* [GOAL OF THE EXERCISE]: Please restate every record below word for word and skip the pictures.

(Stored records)
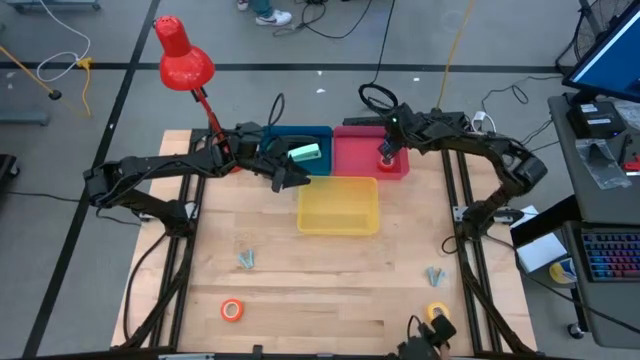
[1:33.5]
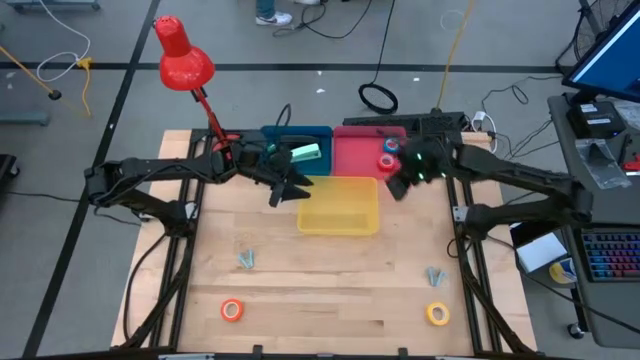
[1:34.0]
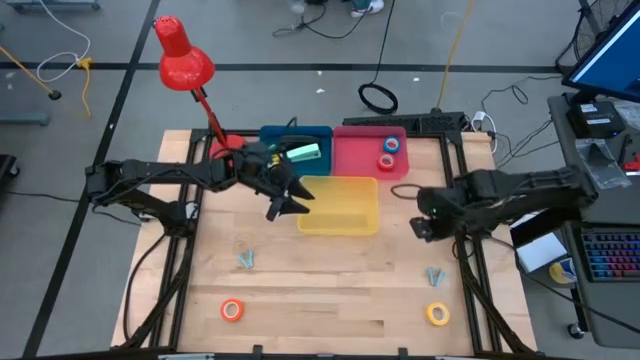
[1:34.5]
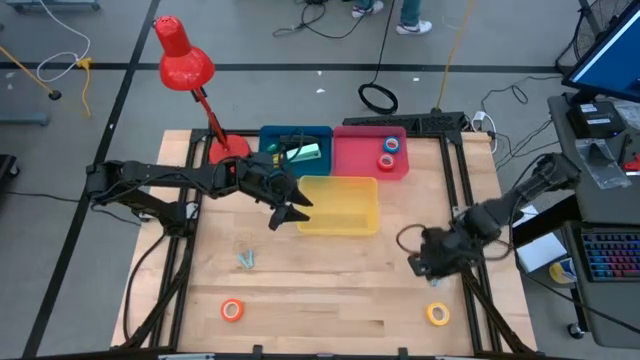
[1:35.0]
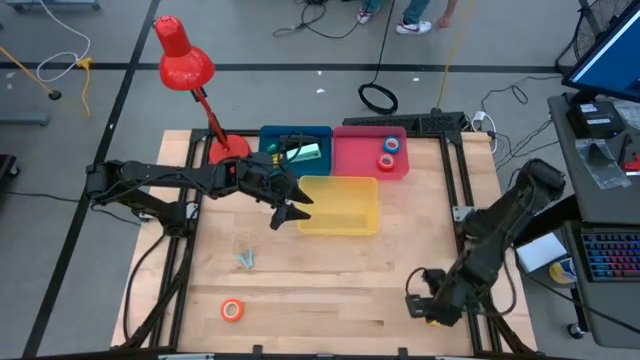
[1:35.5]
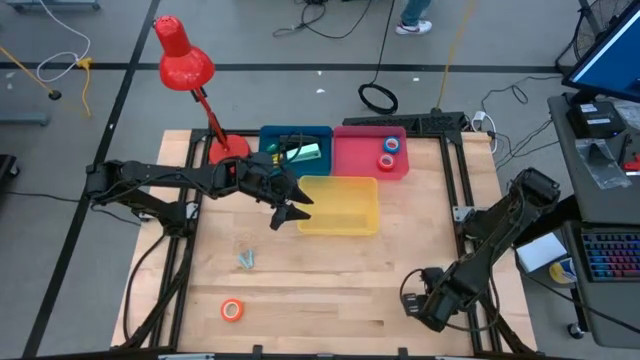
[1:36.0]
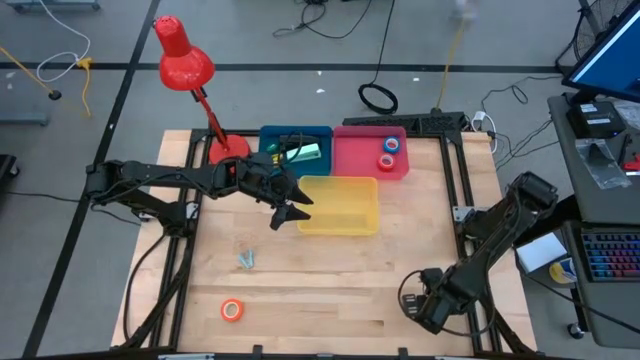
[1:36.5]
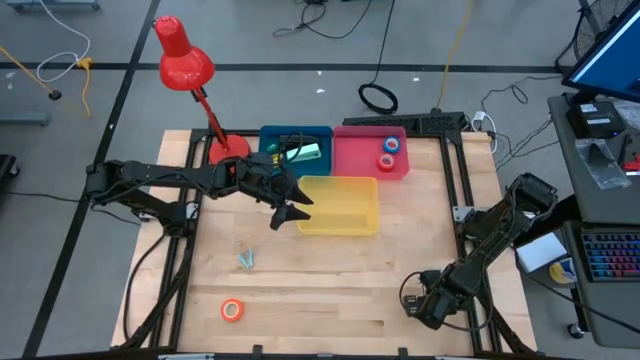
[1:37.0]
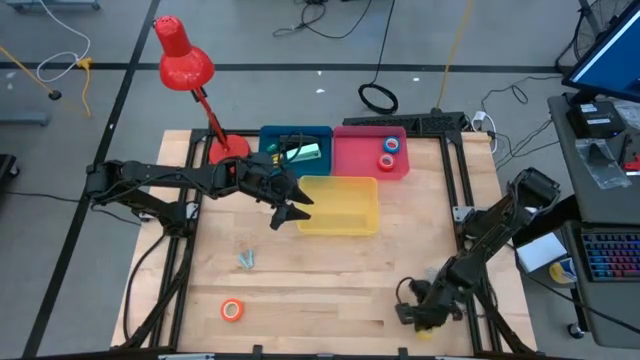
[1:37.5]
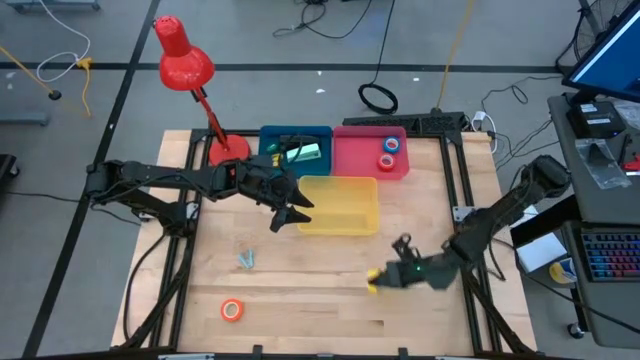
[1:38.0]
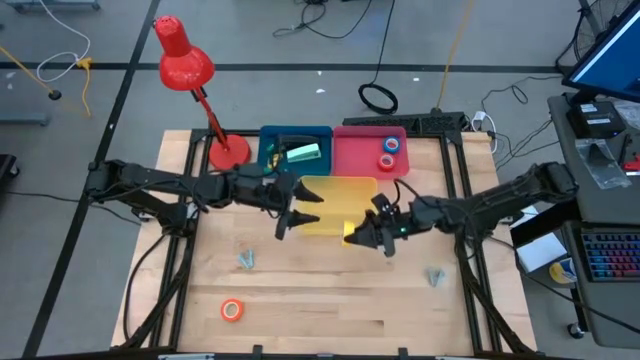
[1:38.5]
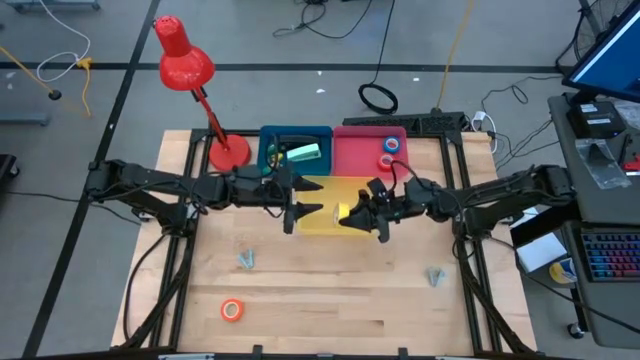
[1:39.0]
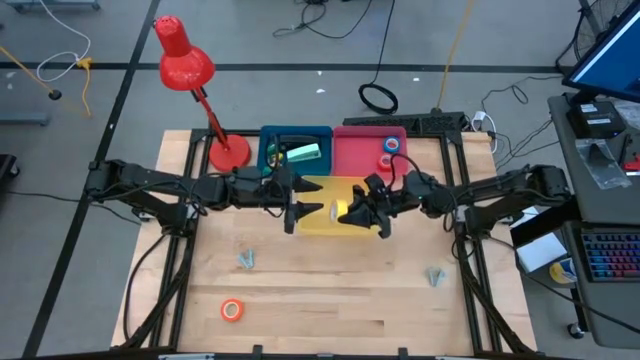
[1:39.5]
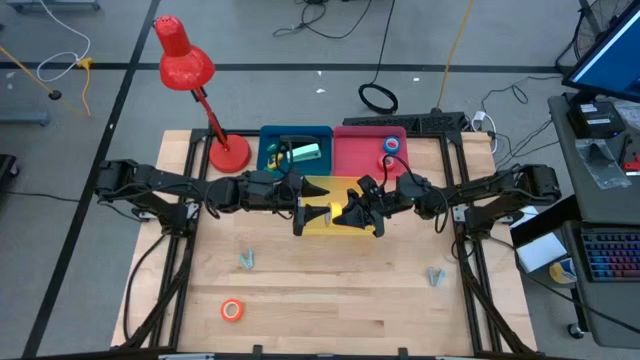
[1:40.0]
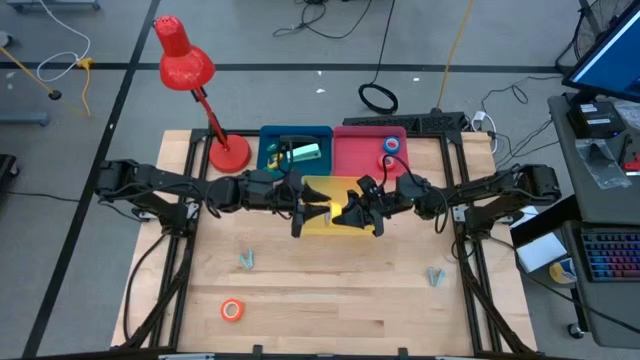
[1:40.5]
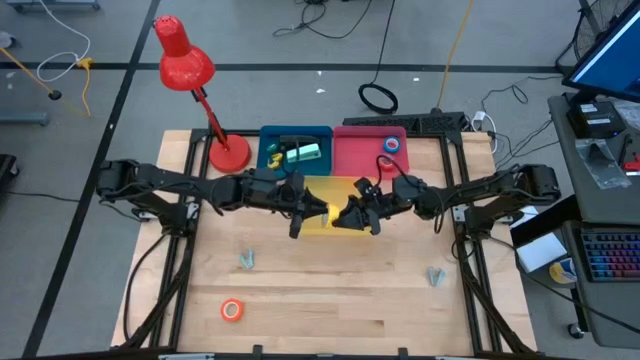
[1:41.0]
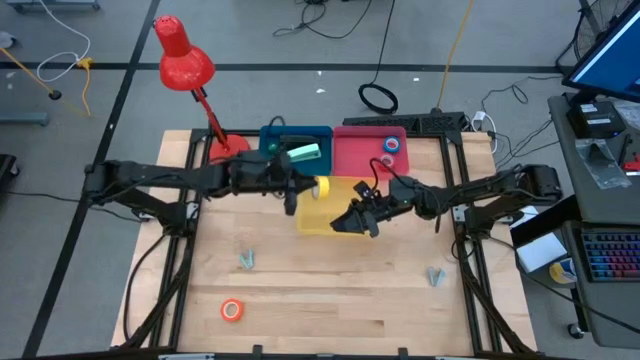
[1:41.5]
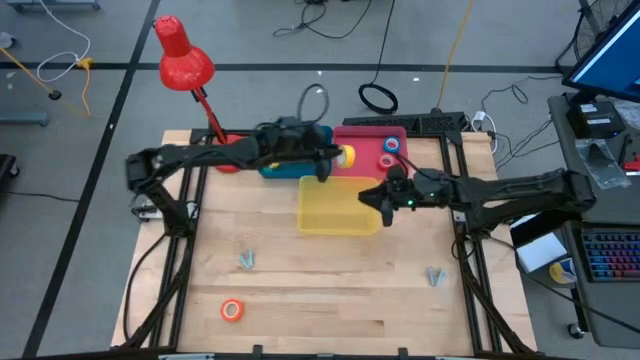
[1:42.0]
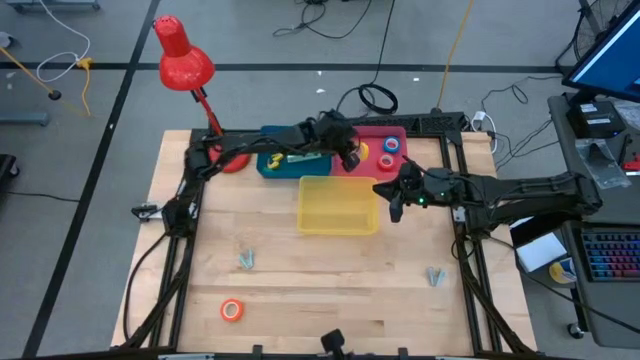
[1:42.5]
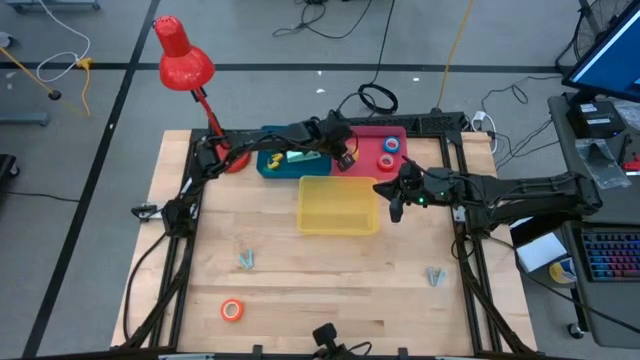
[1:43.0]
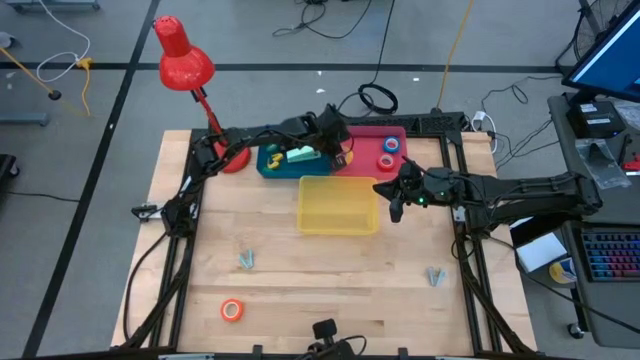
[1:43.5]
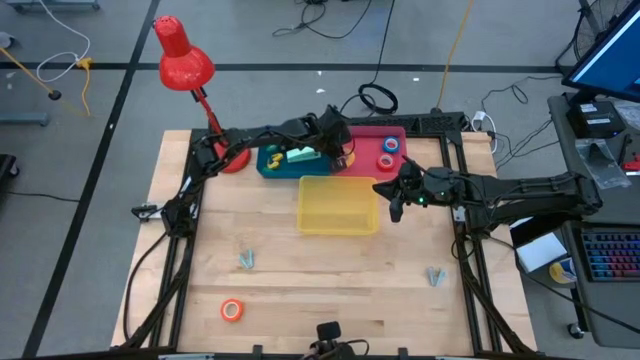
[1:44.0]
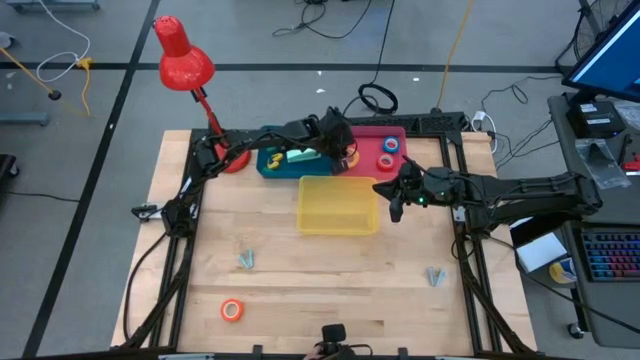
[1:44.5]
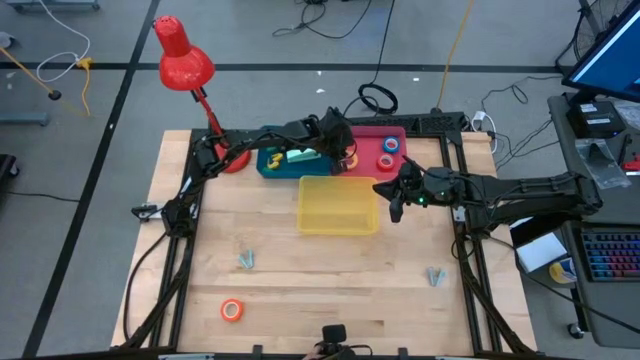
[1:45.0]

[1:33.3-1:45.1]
Task: Pick and place Stapler, Stapler remover, tape
Put the yellow tape into the pink bin

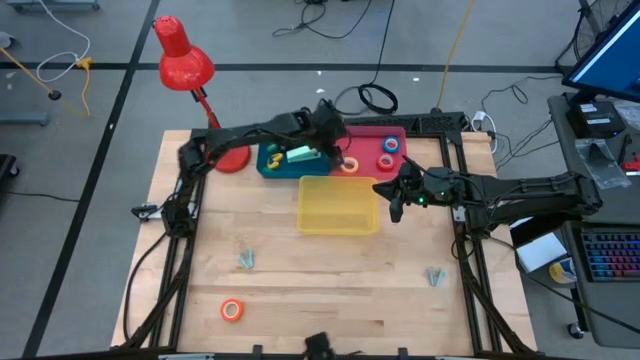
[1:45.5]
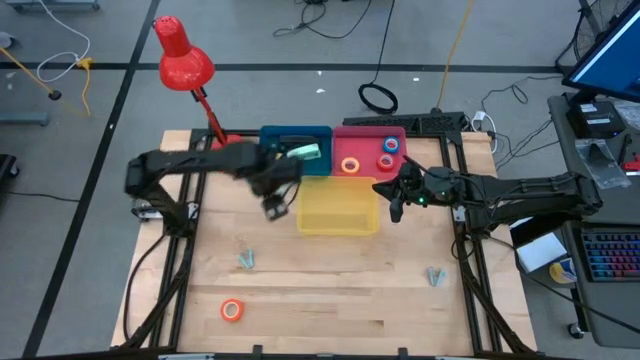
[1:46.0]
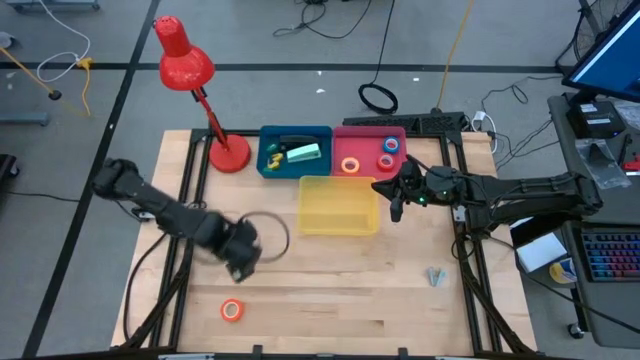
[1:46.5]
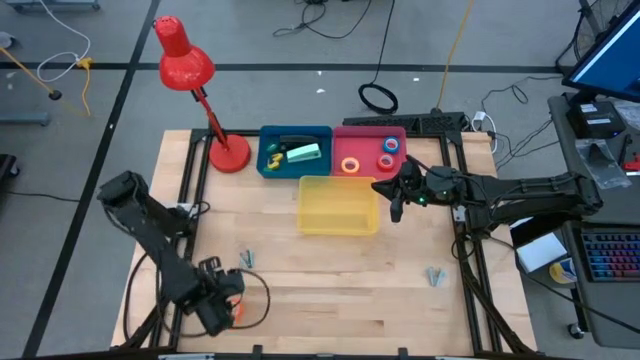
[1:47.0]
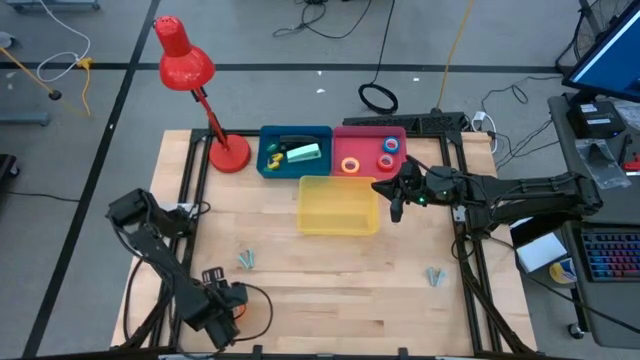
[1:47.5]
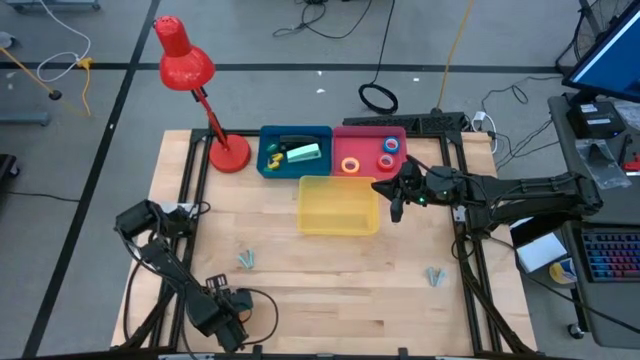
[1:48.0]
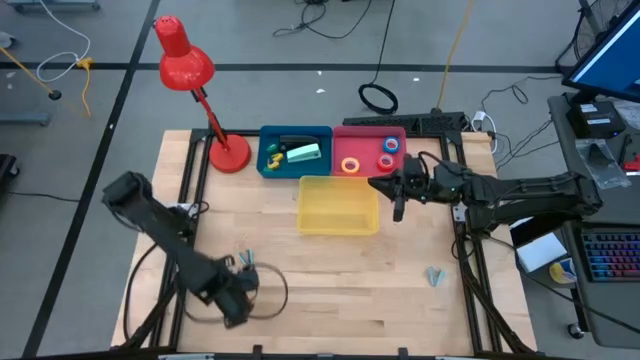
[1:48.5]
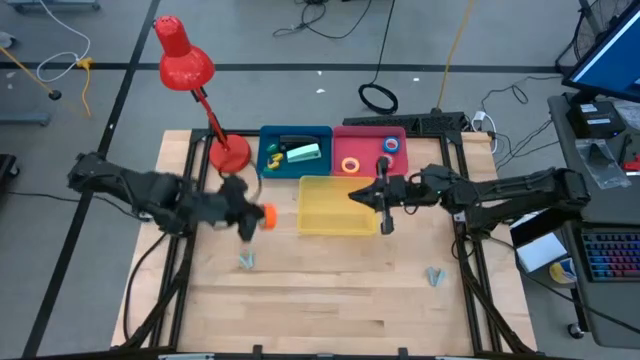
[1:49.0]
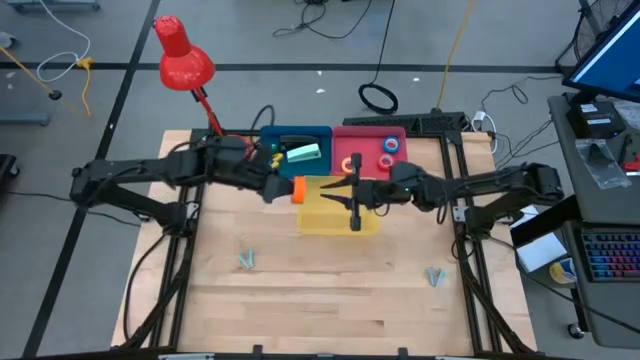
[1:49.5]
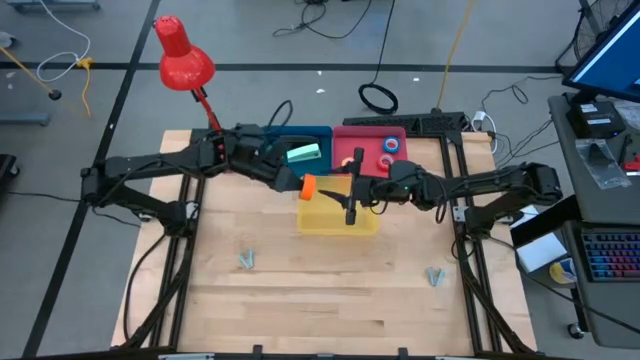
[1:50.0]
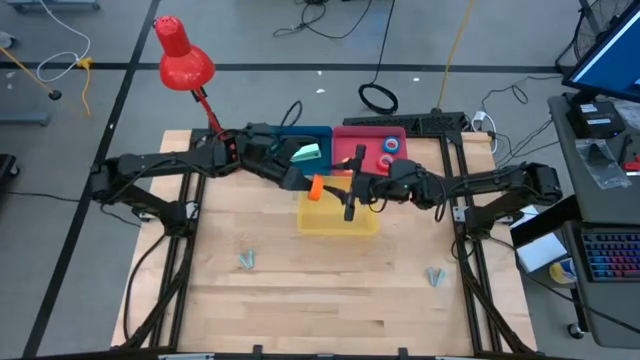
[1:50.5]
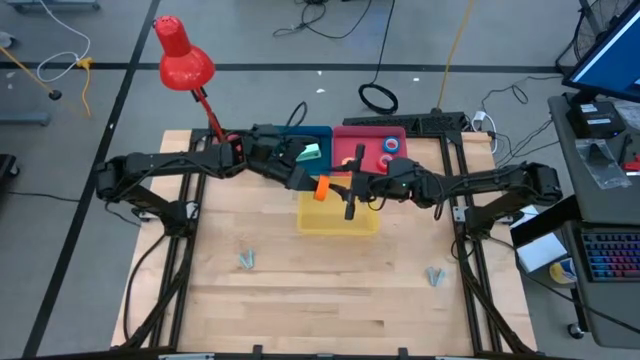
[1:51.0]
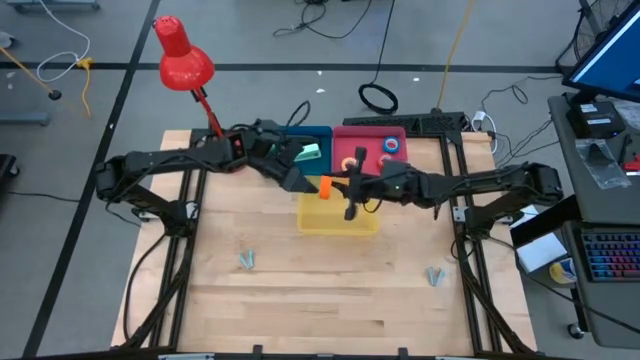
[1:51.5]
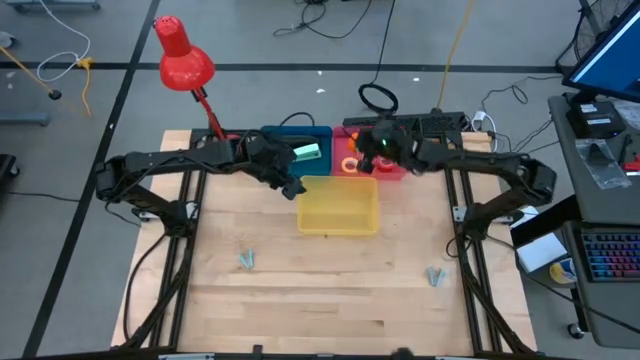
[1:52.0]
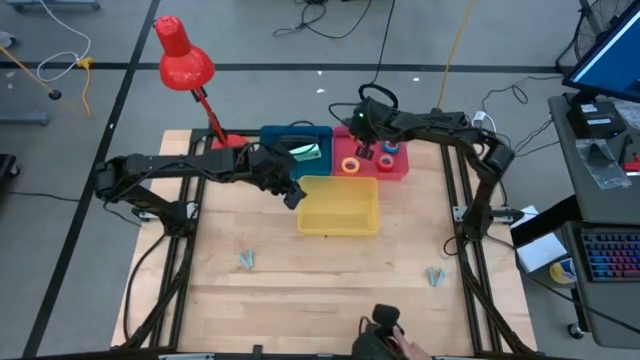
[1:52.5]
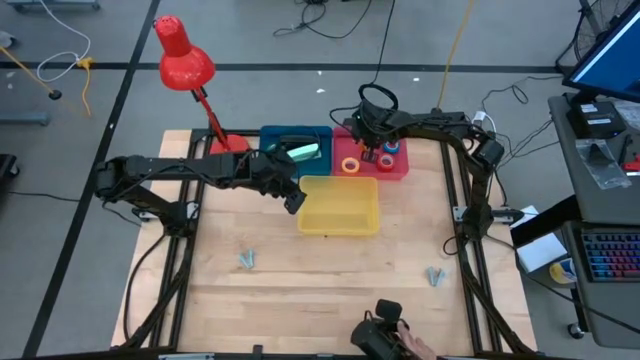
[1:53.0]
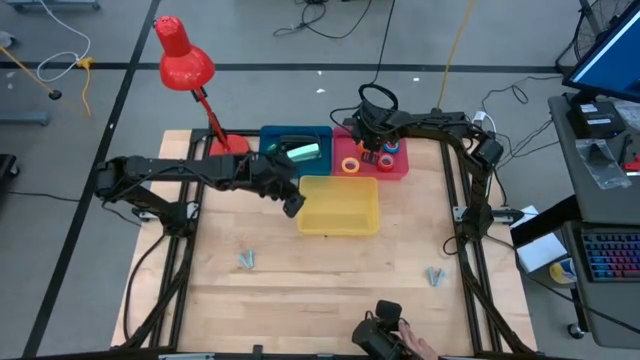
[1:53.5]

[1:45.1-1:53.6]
Put the orange tape into the pink bin

* [OUTPUT FOR THIS EXERCISE]:
[1:33.5]
[1:34.0]
[1:34.5]
[1:35.0]
[1:35.5]
[1:36.0]
[1:36.5]
[1:37.0]
[1:37.5]
[1:38.0]
[1:38.5]
[1:39.0]
[1:39.5]
[1:40.0]
[1:40.5]
[1:41.0]
[1:41.5]
[1:42.0]
[1:42.5]
[1:43.0]
[1:43.5]
[1:44.0]
[1:44.5]
[1:45.0]

[1:33.3-1:45.1]
Task: Pick and place Stapler, Stapler remover, tape
Put the yellow tape into the pink bin

[1:45.5]
[1:46.0]
[1:46.5]
[1:47.0]
[1:47.5]
[1:48.0]
[1:48.5]
[1:49.0]
[1:49.5]
[1:50.0]
[1:50.5]
[1:51.0]
[1:51.5]
[1:52.0]
[1:52.5]
[1:53.0]
[1:53.5]

[1:45.1-1:53.6]
Put the orange tape into the pink bin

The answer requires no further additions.